| About this exercise |
From the first line to the last, output the entries exactly.

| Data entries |
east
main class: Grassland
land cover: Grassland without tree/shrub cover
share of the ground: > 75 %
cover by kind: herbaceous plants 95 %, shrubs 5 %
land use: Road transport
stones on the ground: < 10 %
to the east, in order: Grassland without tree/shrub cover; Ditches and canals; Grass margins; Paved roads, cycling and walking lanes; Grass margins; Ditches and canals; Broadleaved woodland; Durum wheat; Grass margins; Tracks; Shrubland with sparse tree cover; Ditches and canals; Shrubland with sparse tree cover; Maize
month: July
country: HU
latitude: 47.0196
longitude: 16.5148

| Answer space |
east
main class: Grassland
land cover: Grassland without tree/shrub cover
share of the ground: > 75 %
cover by kind: herbaceous plants 95 %, shrubs 5 %
land use: Road transport
stones on the ground: < 10 %
to the east, in order: Grassland without tree/shrub cover; Ditches and canals; Grass margins; Paved roads, cycling and walking lanes; Grass margins; Ditches and canals; Broadleaved woodland; Durum wheat; Grass margins; Tracks; Shrubland with sparse tree cover; Ditches and canals; Shrubland with sparse tree cover; Maize
month: July
country: HU
latitude: 47.0196
longitude: 16.5148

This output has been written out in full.